The engines are unified into a single engine, which provides a huge advantage where all the data sets necessary for each task for teaching can be collectively input.


Turgun: What this technology does is real-time, multi-task image analysis, which is extremely high-load computing. This had major challenges that needed to be overcome in the engineering aspect. The first challenge was the instability in the behavior, specifically the differences in the number of attributes analyzed depending on each frame. For example, there was a case where the computing model that identifies seven attributes of people could only identify six in a certain frame. To address this problem, we introduced the latest tracking algorithm that minutely tracks the person in the image.

The other challenge was a user experience issue. In cases where there are dozens of people captured in the same image, without the attribute information appropriately indicated, we cannot tell which information is for which person.
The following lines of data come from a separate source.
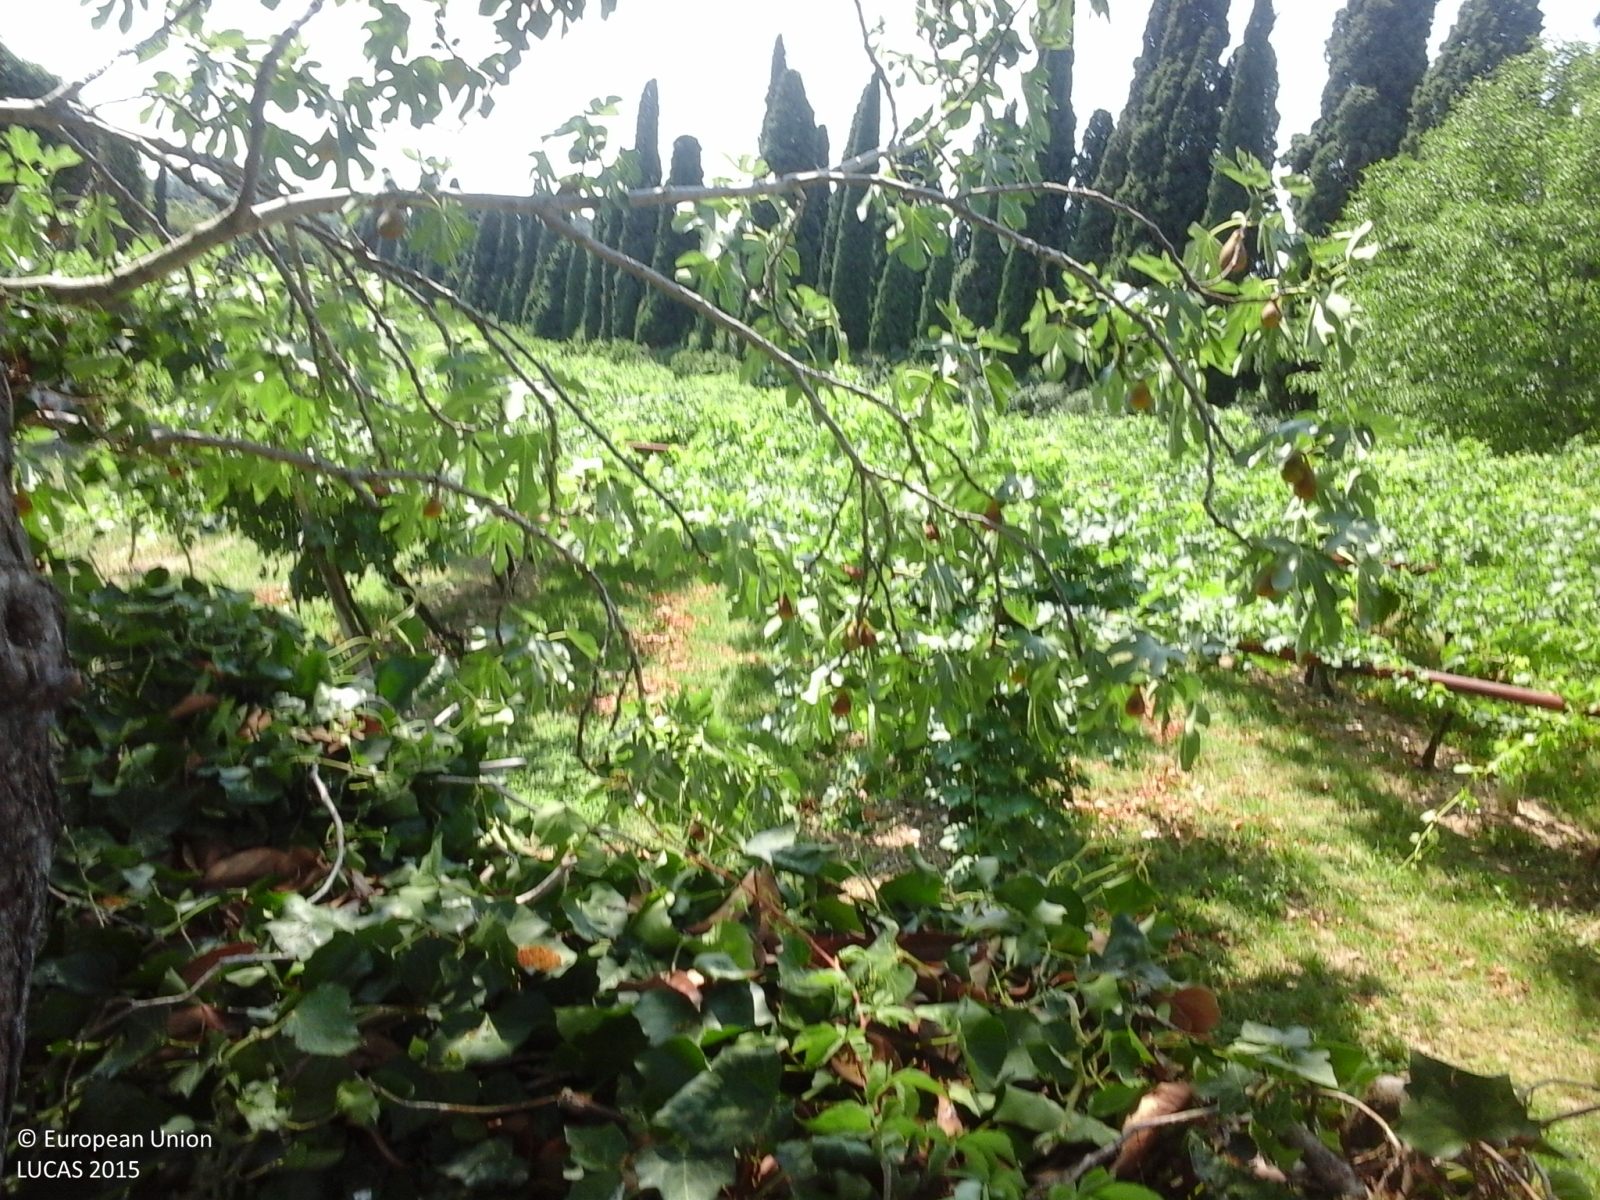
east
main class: Cropland
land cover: Vineyards
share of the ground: > 75 %
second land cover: Grassland without tree/shrub cover
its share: > 75 %
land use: Agriculture (excluding fallow land and kitchen gardens)
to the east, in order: Vineyards; Grassland without tree/shrub cover; Artificial constructions in urban areas; Grassland without tree/shrub cover; Broadleaved woodland; Olive groves; Grassland without tree/shrub cover; Abandoned hedges; Tracks; Abandoned hedges; Cherry fruit; Olive groves; Tracks; Grassland without tree/shrub cover
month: July
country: IT
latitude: 45.4813
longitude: 11.0345

To solve this issue, we set up an information window on the right side of each person when tracking that person’s movement in order to improve the ease of user understanding.
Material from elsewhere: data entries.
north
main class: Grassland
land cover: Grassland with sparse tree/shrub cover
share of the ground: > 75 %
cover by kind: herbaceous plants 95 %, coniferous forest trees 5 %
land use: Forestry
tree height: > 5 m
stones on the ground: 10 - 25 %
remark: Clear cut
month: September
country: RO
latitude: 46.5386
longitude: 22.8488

Sparsh: As this is a complex, multi-tasking technology, there is a significant risk of the system going down. So I worked on research and development to enhance the robustness of this system. Specifically, we created multiple containers in the engine using open-source software Docker to design a system that can store tasks and techniques without mutually getting in the way of each other.

Even when there is a corrupted frame in the frame data itself, a processing-skipping function can keep the process running. Also, even if some cameras are intentionally removed, the system can continue operating without being affected. If the cameras are returned to their original positions, they can immediately get back to processing.
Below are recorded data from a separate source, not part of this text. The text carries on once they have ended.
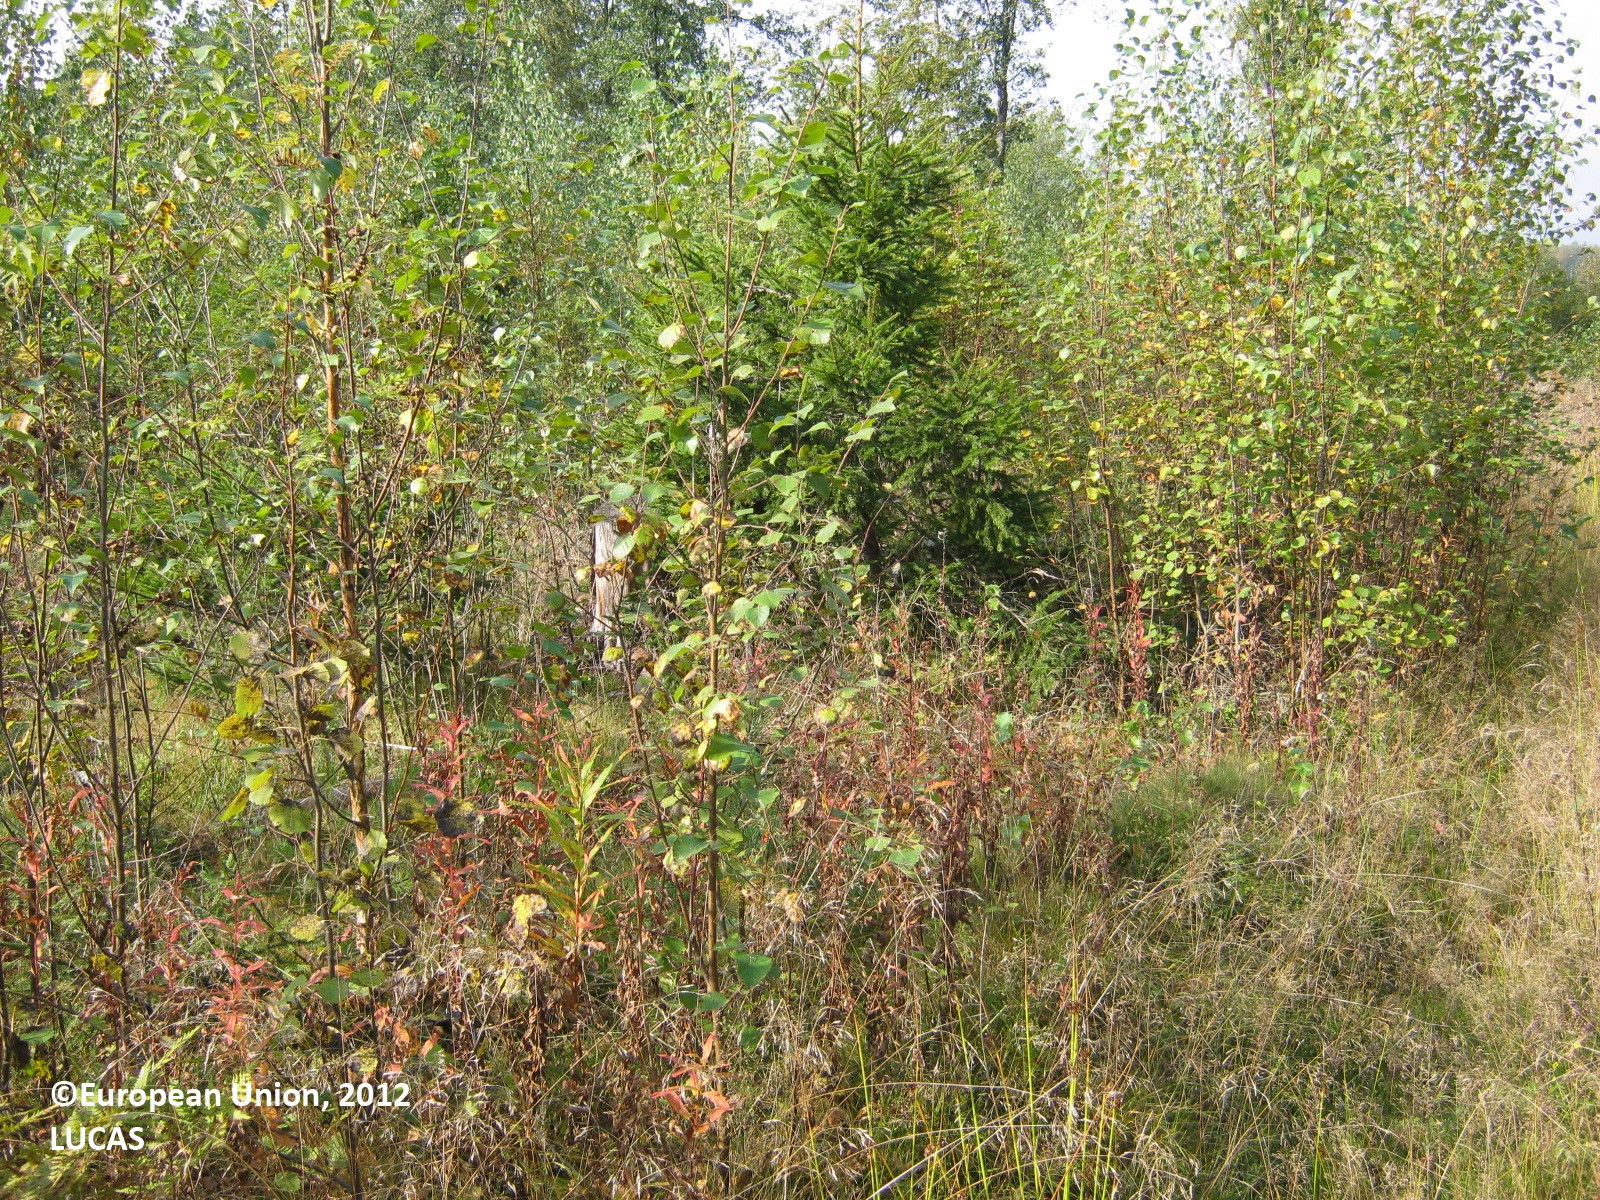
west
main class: Woodland
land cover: Broadleaved woodland
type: boreal forest
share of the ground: 25 - 50 %
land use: Forestry
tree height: < 5 m
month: September
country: FI
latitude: 60.5285
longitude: 27.7039

Eying the automation of computing resource distribution

― Tell us about the prospects of this technology.

Manmohan: While we have several visions, currently we are focusing on the implementation of elasticity. This means that the engine automatically determines the priority of multiple tasks and makes decisions on the optimal allocation and distribution of the computing resources. The target site for analysis is bound to have fluctuations in the number of people around and changes in necessary attributes depending on time. We are aiming to adapt to and support such conditions. We are also currently starting demonstration experiments.

The Future Creation Hub at the NEC Headquarters now has an environment ready where visitors can experience a demonstration of this technology. We hope to offer more opportunities to widely introduce this technology to people.

This technology uses a single engine to manage multiple tasks used for image analysis in order to efficiently perform the full range of processes from machine learning to analysis with reduced resources. As this enables high-accuracy, simultaneous handling of different image analysis technologies that were previously used independently, it is expected to contribute to the discovery of new insights by additionally taking into consideration the posture, behavior, relationship with the surrounding things and people, and other contextual matters.

  • The information posted on this page is the information at the time of publication.